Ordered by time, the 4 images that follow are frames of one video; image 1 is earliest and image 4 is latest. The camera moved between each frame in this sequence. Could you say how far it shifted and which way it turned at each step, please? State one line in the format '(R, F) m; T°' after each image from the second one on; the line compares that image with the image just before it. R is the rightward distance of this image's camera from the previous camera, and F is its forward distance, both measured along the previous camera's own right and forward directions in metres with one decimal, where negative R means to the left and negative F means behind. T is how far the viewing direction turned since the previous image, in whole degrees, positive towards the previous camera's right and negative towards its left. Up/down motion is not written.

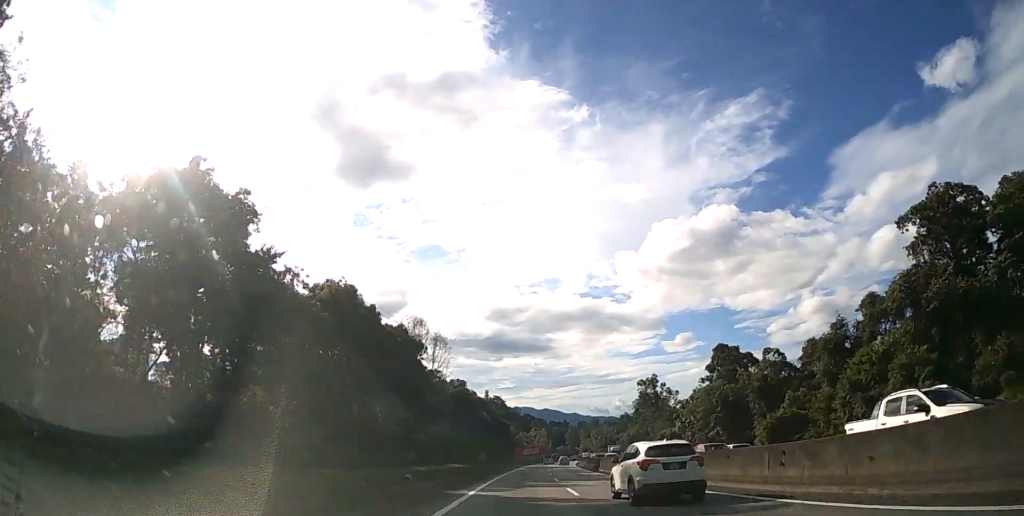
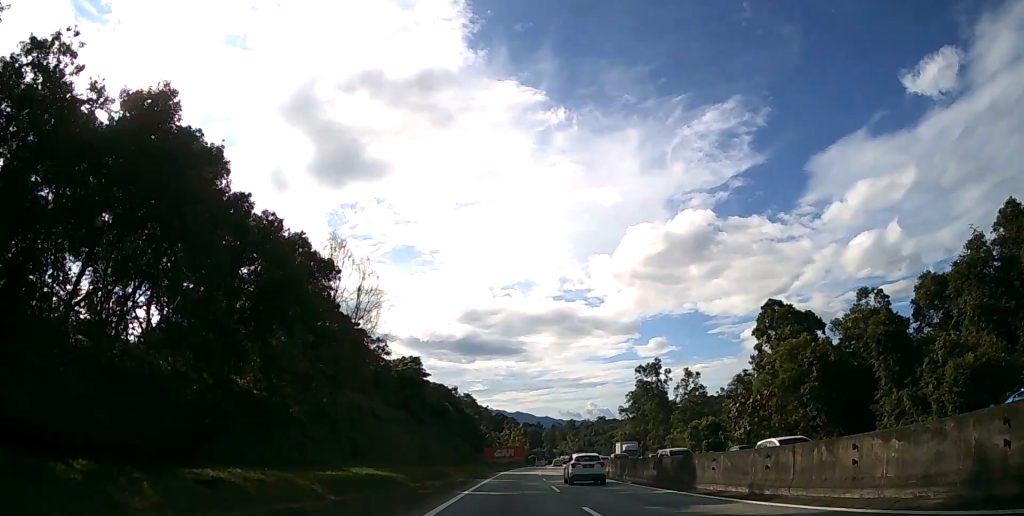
(+0.7, +32.3) m; +3°
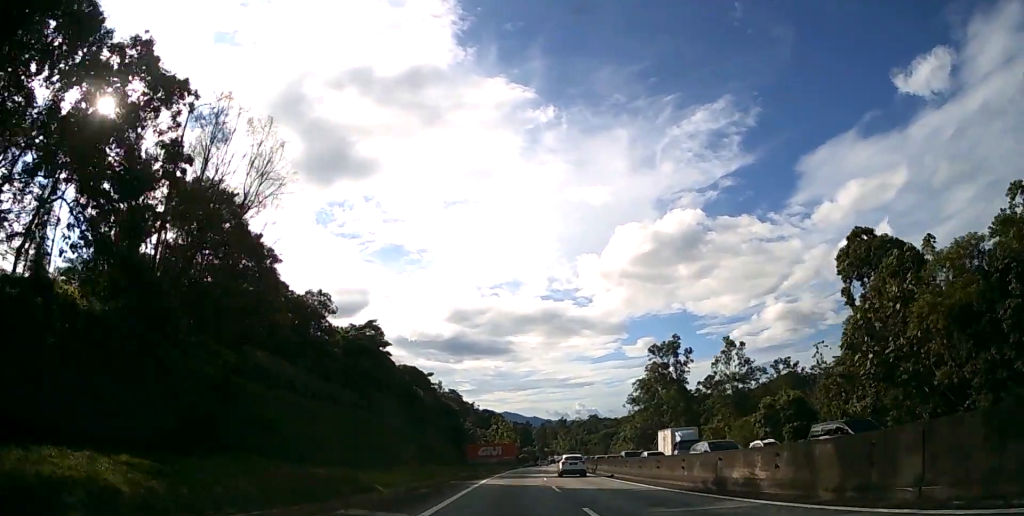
(+0.5, +25.0) m; +2°
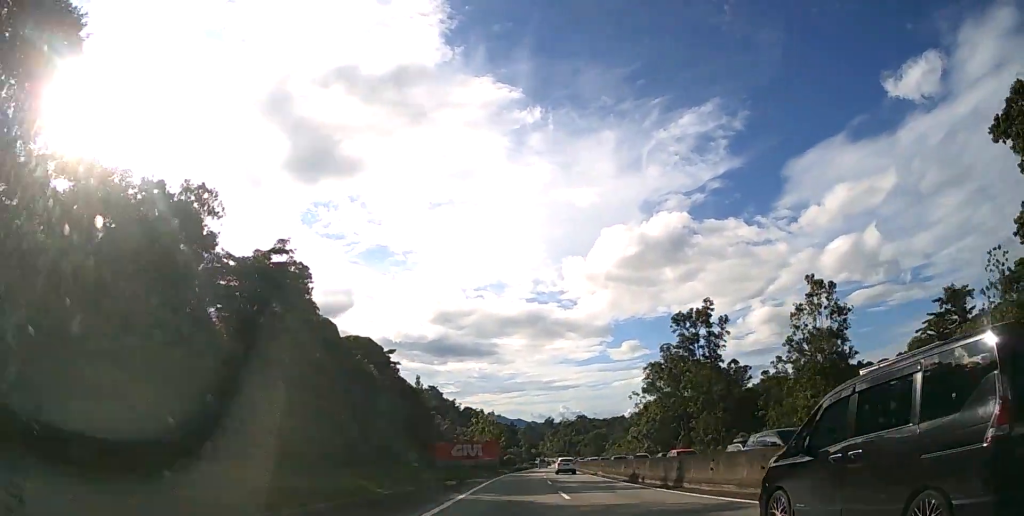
(+0.3, +27.4) m; +1°
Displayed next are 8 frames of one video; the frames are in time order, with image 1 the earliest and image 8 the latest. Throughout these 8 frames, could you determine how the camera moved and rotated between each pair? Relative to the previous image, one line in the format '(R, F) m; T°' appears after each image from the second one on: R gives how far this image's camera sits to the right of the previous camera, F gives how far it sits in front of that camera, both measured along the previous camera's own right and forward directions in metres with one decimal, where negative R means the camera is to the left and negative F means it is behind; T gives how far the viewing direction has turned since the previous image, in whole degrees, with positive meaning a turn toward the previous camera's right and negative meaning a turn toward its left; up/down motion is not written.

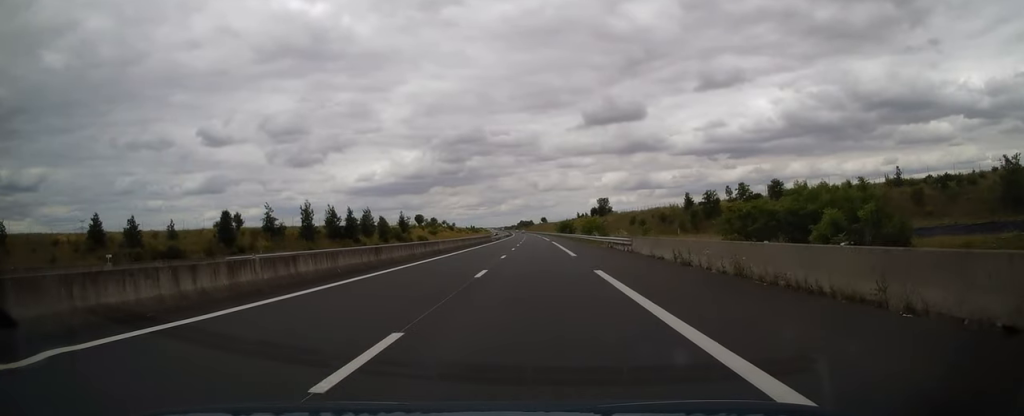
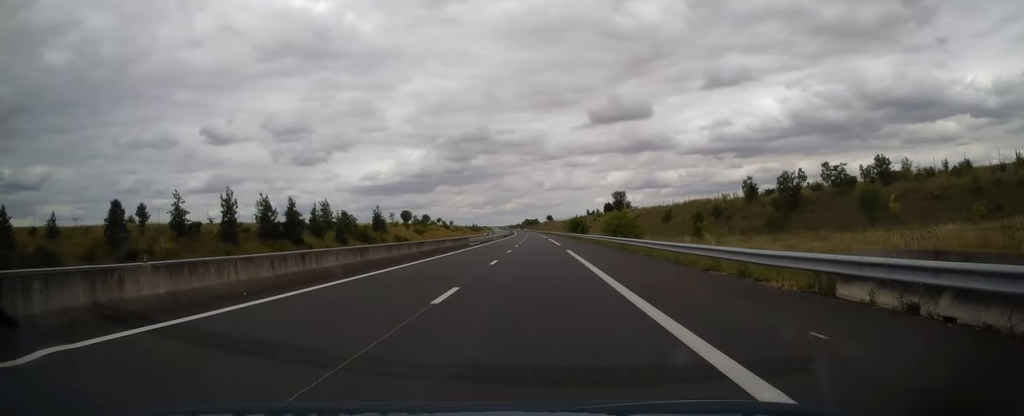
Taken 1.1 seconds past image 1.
(0.0, +32.3) m; 0°
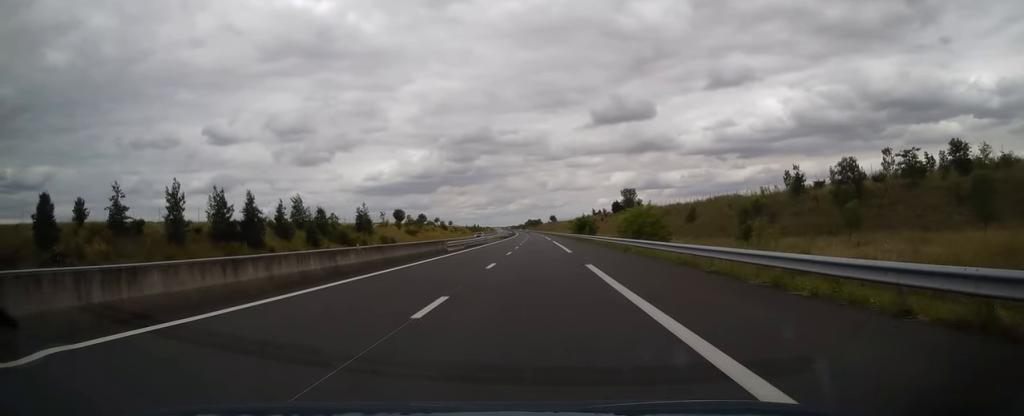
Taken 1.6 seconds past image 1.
(-0.1, +14.7) m; 0°
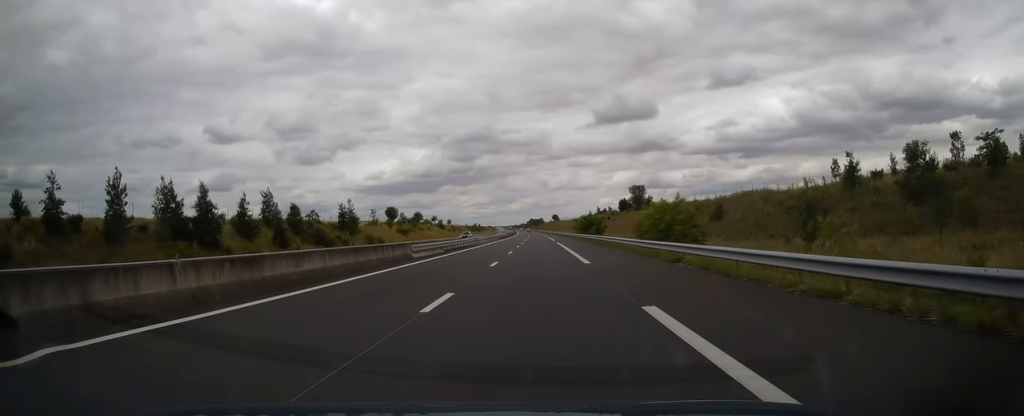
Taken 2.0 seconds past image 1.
(0.0, +12.2) m; 0°
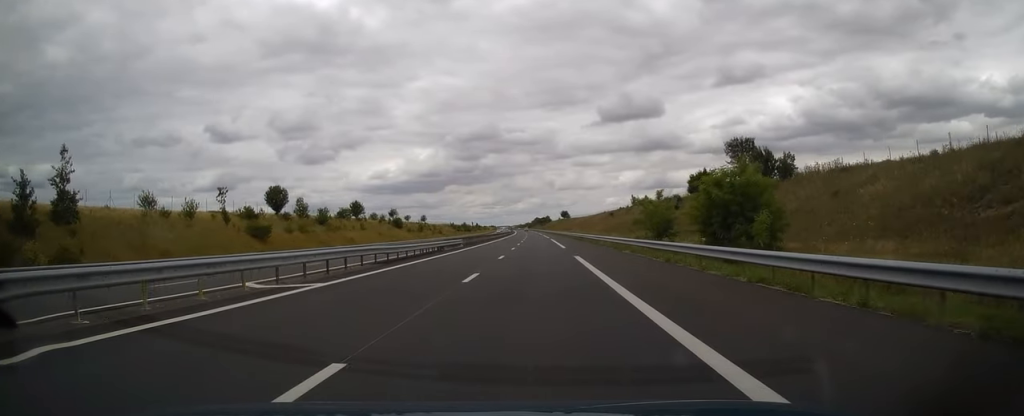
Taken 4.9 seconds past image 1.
(-0.1, +84.2) m; 0°
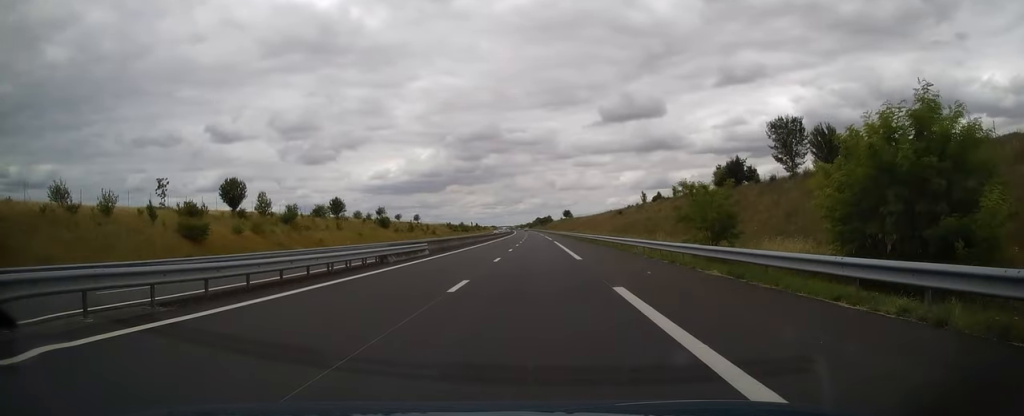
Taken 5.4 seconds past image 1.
(+0.1, +15.6) m; 0°
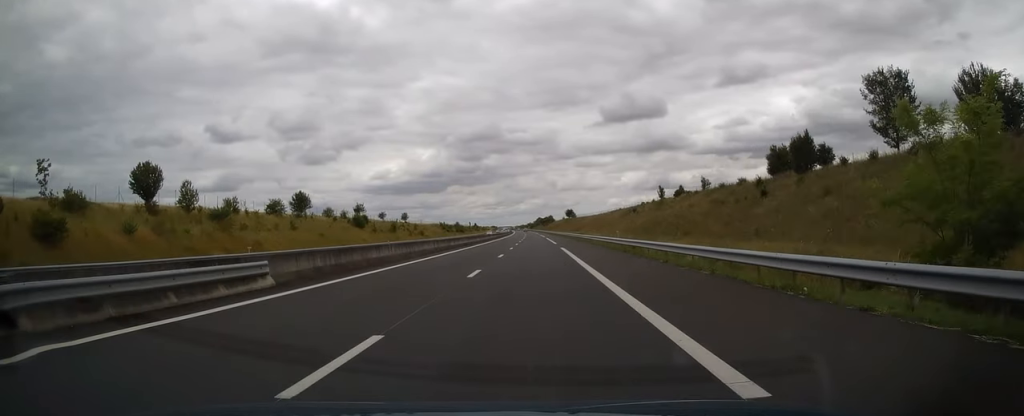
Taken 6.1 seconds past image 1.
(-0.3, +21.5) m; 0°
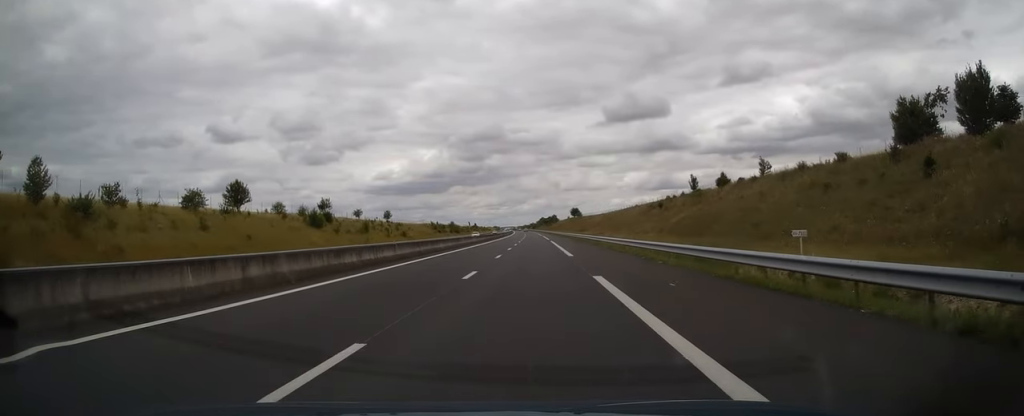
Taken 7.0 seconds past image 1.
(+0.1, +26.4) m; 0°
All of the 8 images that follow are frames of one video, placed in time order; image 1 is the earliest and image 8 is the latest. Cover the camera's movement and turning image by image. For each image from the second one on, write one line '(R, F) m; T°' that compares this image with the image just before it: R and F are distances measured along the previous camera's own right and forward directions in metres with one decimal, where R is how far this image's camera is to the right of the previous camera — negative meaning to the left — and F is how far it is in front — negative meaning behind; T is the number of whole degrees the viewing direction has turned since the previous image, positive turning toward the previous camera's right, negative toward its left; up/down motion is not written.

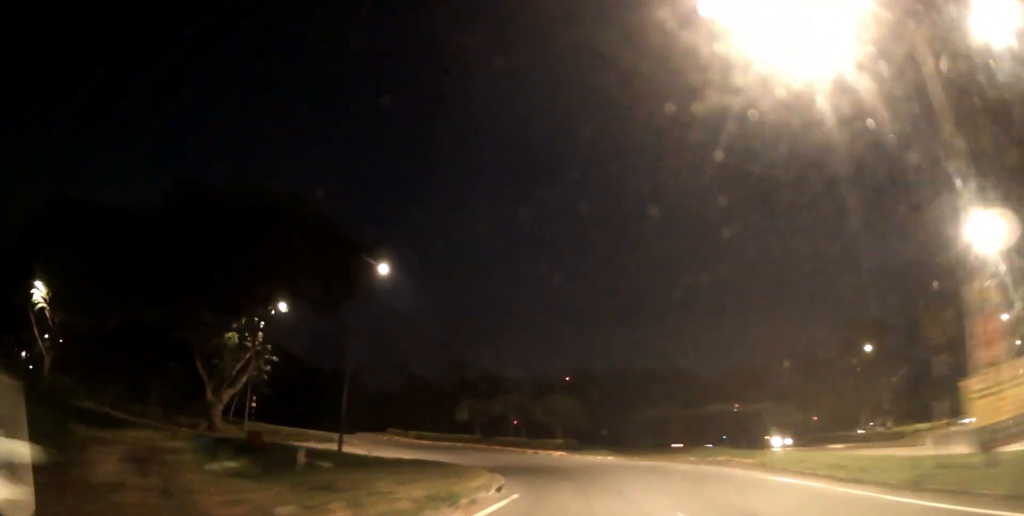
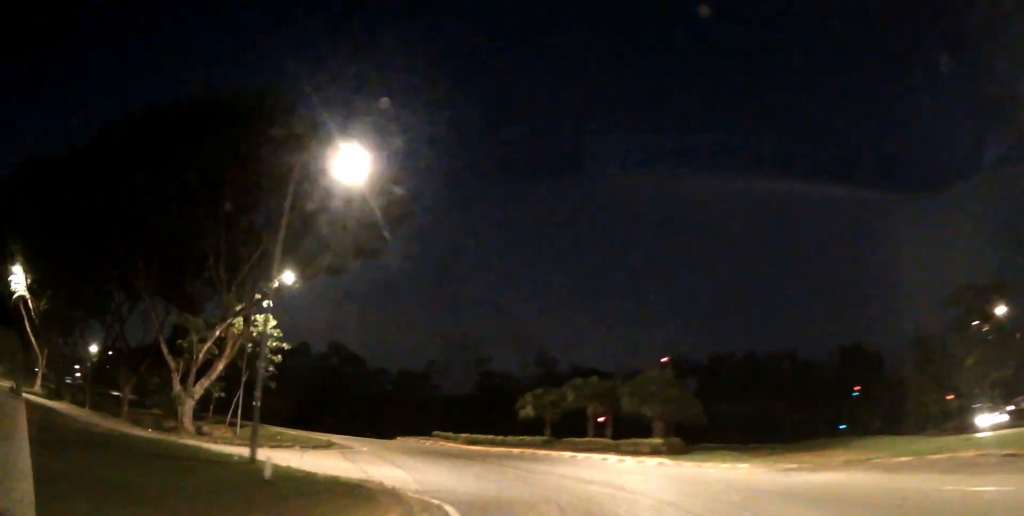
(-0.7, +13.5) m; -7°
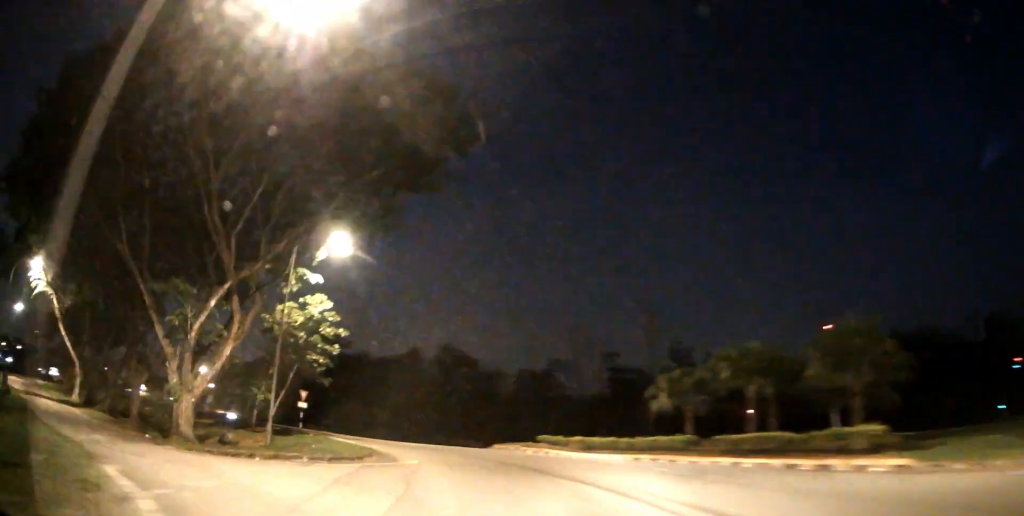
(-0.7, +10.6) m; -18°
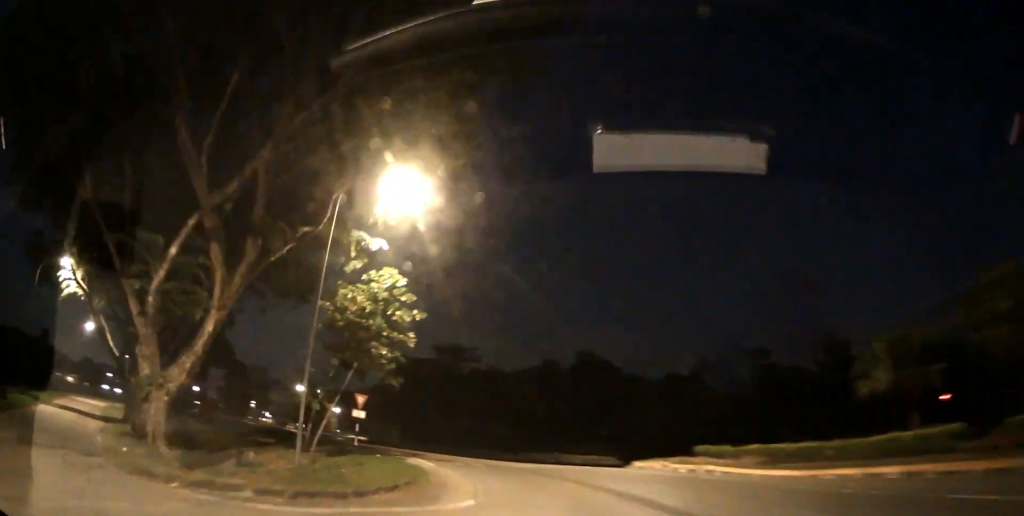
(-2.2, +9.8) m; -14°
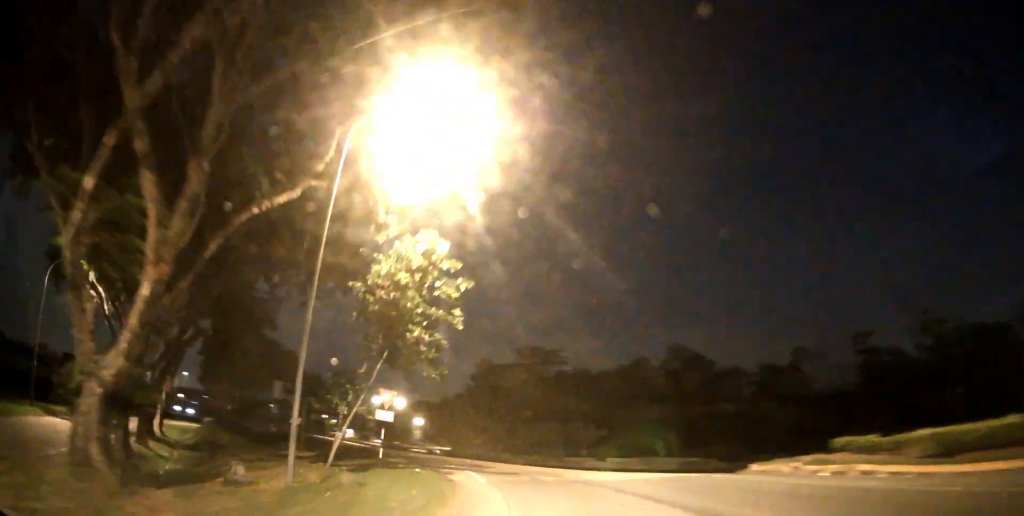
(-0.7, +6.6) m; -7°
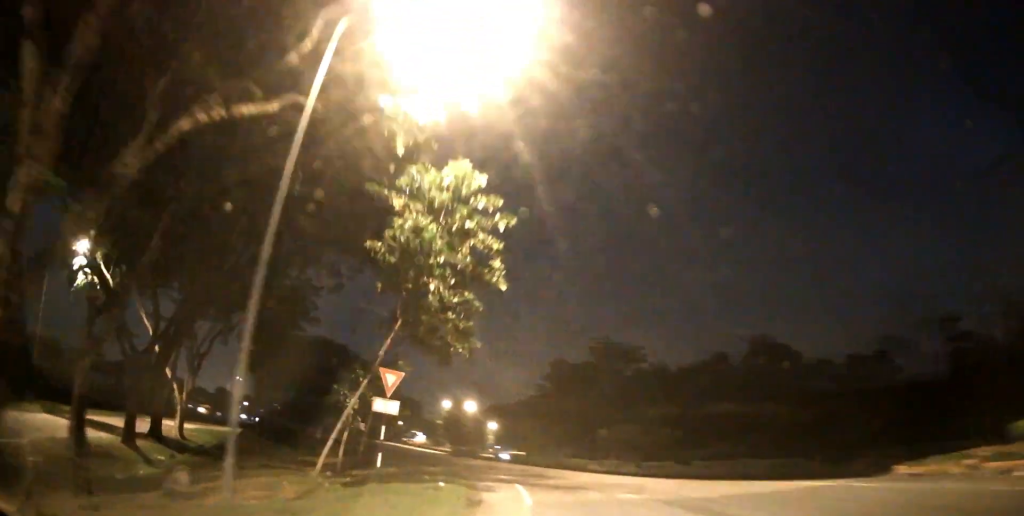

-- Problem --
Retype word for word the span of lines above that begins with the line containing "Taken 5.4 seconds past image 1." and ends with the last line of the records; skip all pictures.

-- Reply to the exercise --
Taken 5.4 seconds past image 1.
(+0.1, +15.6) m; 0°
Taken 6.1 seconds past image 1.
(-0.3, +21.5) m; 0°
Taken 7.0 seconds past image 1.
(+0.1, +26.4) m; 0°
All of the 8 images that follow are frames of one video, placed in time order; image 1 is the earliest and image 8 is the latest. Cover the camera's movement and turning image by image. For each image from the second one on, write one line '(R, F) m; T°' that compares this image with the image just before it: R and F are distances measured along the previous camera's own right and forward directions in metres with one decimal, where R is how far this image's camera is to the right of the previous camera — negative meaning to the left — and F is how far it is in front — negative meaning behind; T is the number of whole degrees the viewing direction has turned since the previous image, positive turning toward the previous camera's right, negative toward its left; up/down motion is not written.

(-0.7, +13.5) m; -7°
(-0.7, +10.6) m; -18°
(-2.2, +9.8) m; -14°
(-0.7, +6.6) m; -7°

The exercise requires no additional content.